While uniting rival clans into a nation in the third millennium bc, China’s Yellow Emperor is said to have established prohibitions against feuding by making a gruesome example of one rebellious leader—peeling the man’s skin off to use for target practice, stuffing his stomach to make a ball to kick around, and fermenting his flesh and bones into a bitter broth to drink.
“Considering how seldom people think of looking for sunset at all, and how seldom, if they do, they are in a position from which it can be fully seen,” it’s rare to witness an excellent one, John Ruskin argued in 1843. Evelyn Waugh saw a radiant pink sunset behind a shadow-gray Mount Etna in 1929. “Nothing I have ever seen in Art or Nature,” he wrote, “was quite so revolting.”
“To travel is to discover that everybody is wrong,” Aldous Huxley wrote, en route to Borneo, in his travelogue Jesting Pilate. “The philosophies, the civilizations, which seem, at a distance, so superior to those current at home, all prove on a close inspection to be in their own way just as hopelessly imperfect. That knowledge, which only travel can give, is worth, it seems to me, all the trouble, all the discomfort and expense of a circumnavigation.”
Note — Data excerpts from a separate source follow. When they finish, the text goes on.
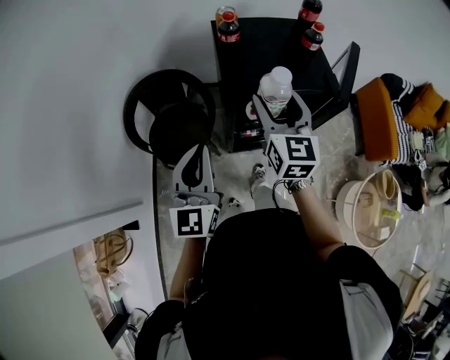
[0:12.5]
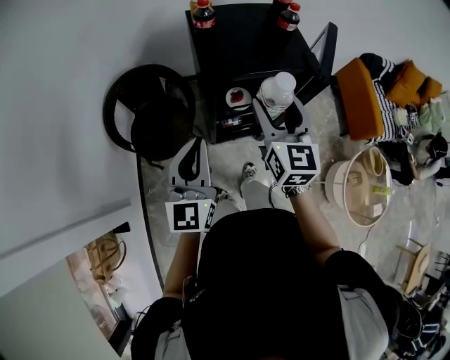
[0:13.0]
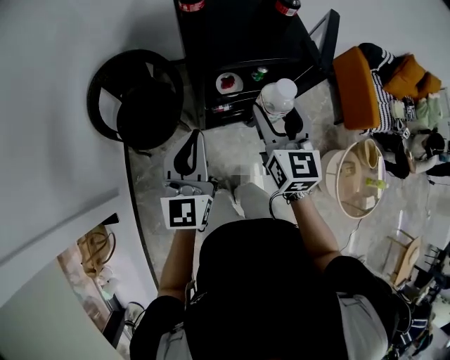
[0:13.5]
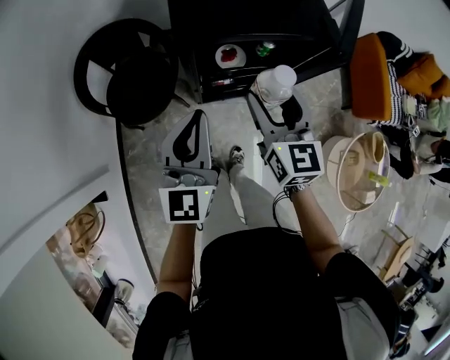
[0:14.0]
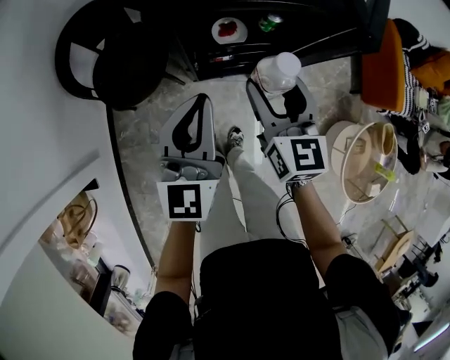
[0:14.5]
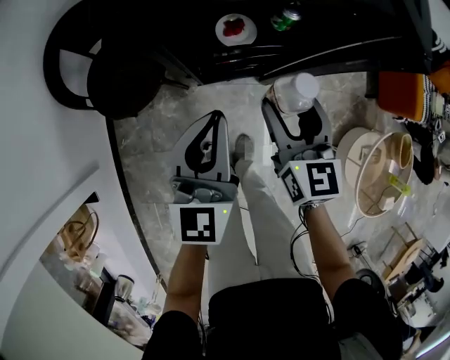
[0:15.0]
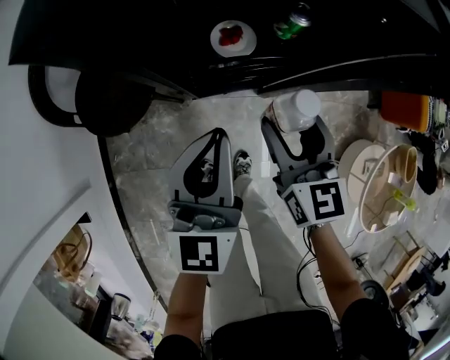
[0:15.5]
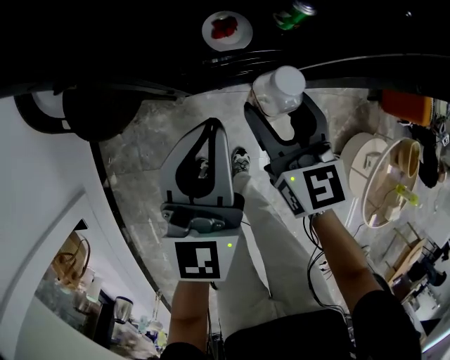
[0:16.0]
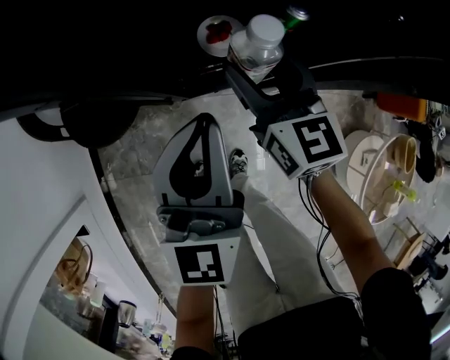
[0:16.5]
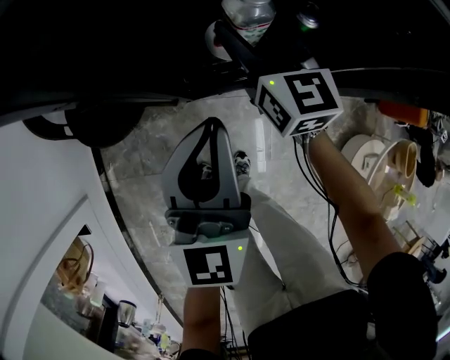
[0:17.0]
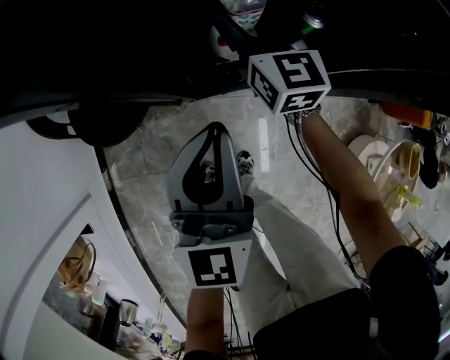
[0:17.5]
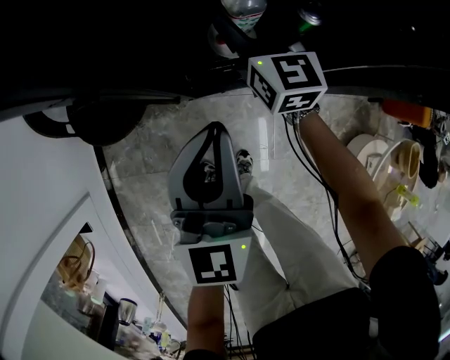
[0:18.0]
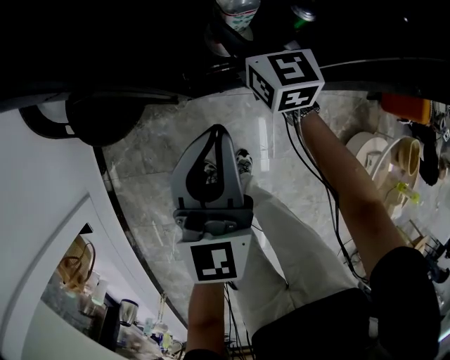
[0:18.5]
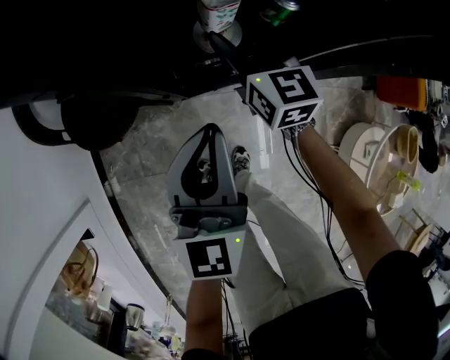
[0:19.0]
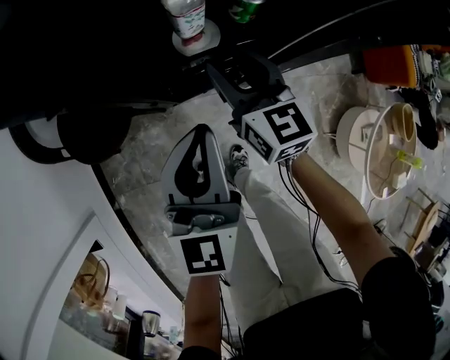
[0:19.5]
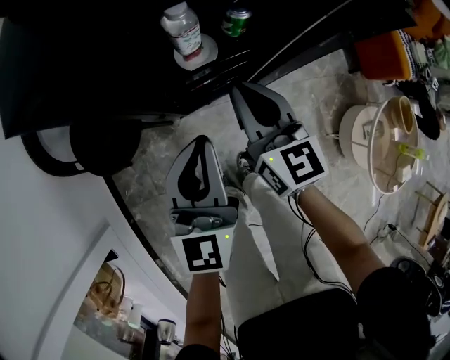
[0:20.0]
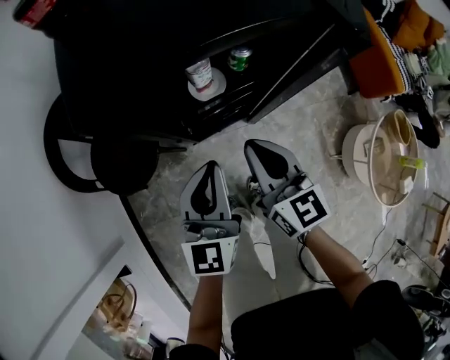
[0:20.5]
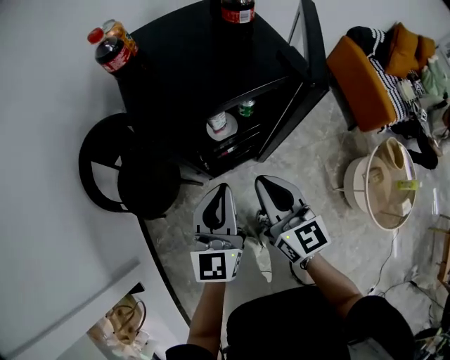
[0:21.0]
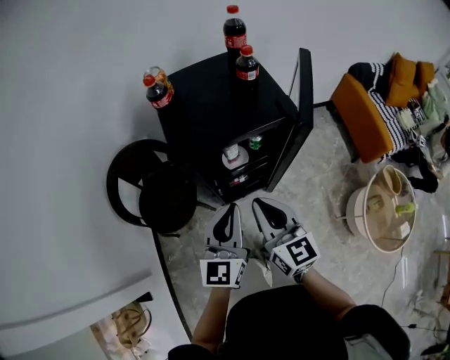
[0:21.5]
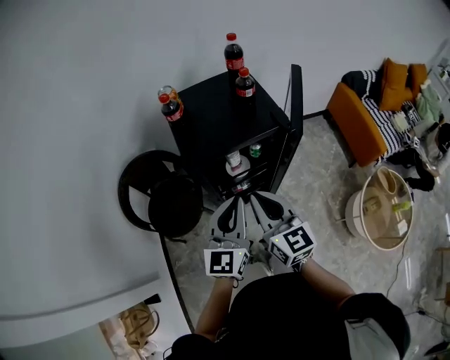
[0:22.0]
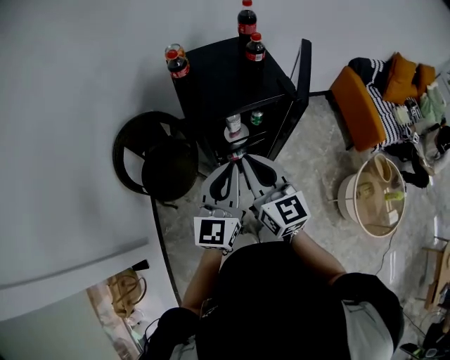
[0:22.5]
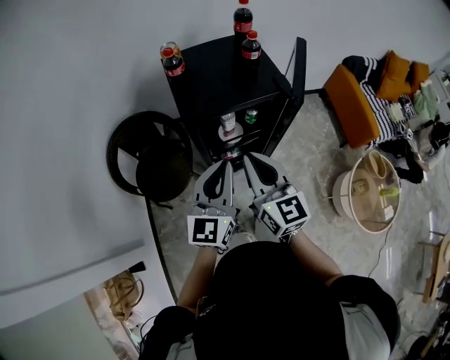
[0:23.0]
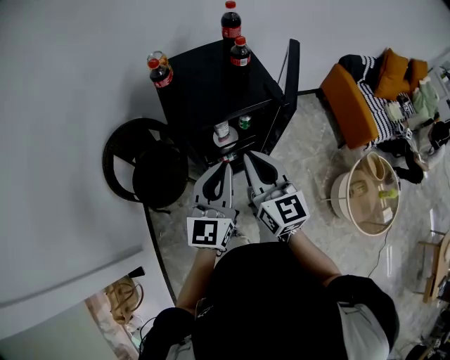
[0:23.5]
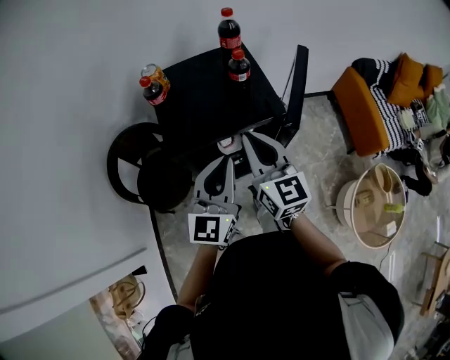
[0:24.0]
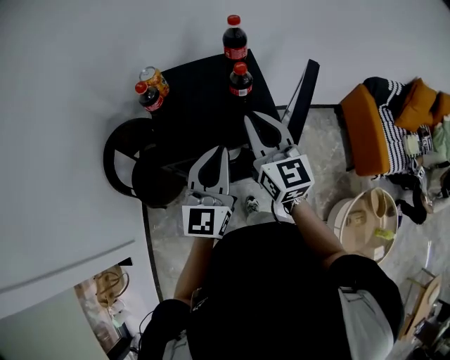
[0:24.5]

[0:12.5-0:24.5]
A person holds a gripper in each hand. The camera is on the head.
0:12.5 to 0:14.5: The two grippers go roughly 20 cm downward and to the right.
0:14.5 to 0:16.5: Both grippers move downward and forward, about 20 cm.
0:16.5 to 0:18.5: The right gripper is displaced forward by roughly 10 cm.
0:18.5 to 0:20.5: The left gripper moves roughly 5 cm; the right gripper heads backward and upward, covering about 25 cm, and closes.
0:20.5 to 0:22.5: The grippers both shift upward by approximately 25 cm.
0:22.5 to 0:24.5: The two grippers go some 20 cm forward and to the right.

The first mass extinction on earth occurred around 2.5 billion years ago, when a photosynthesizing bacterium appeared and released so much oxygen into the atmosphere that anaerobic life was largely wiped out. This is often called the Great Oxygenation Event, the Oxygen Catastrophe, or the Oxygen Holocaust.
Although many New York City theaters closed during the influenza pandemic of 1918, Broadway’s Plymouth Theater went ahead with its October 3 premiere of Leo Tolstoy’s Redemption. Frustrated by the audience’s coughing at one performance, lead actor John Barrymore returned to the stage after intermission and threw a “fair-sized sea bass” into the crowd, shouting, “Busy yourselves with this, you damned walruses!”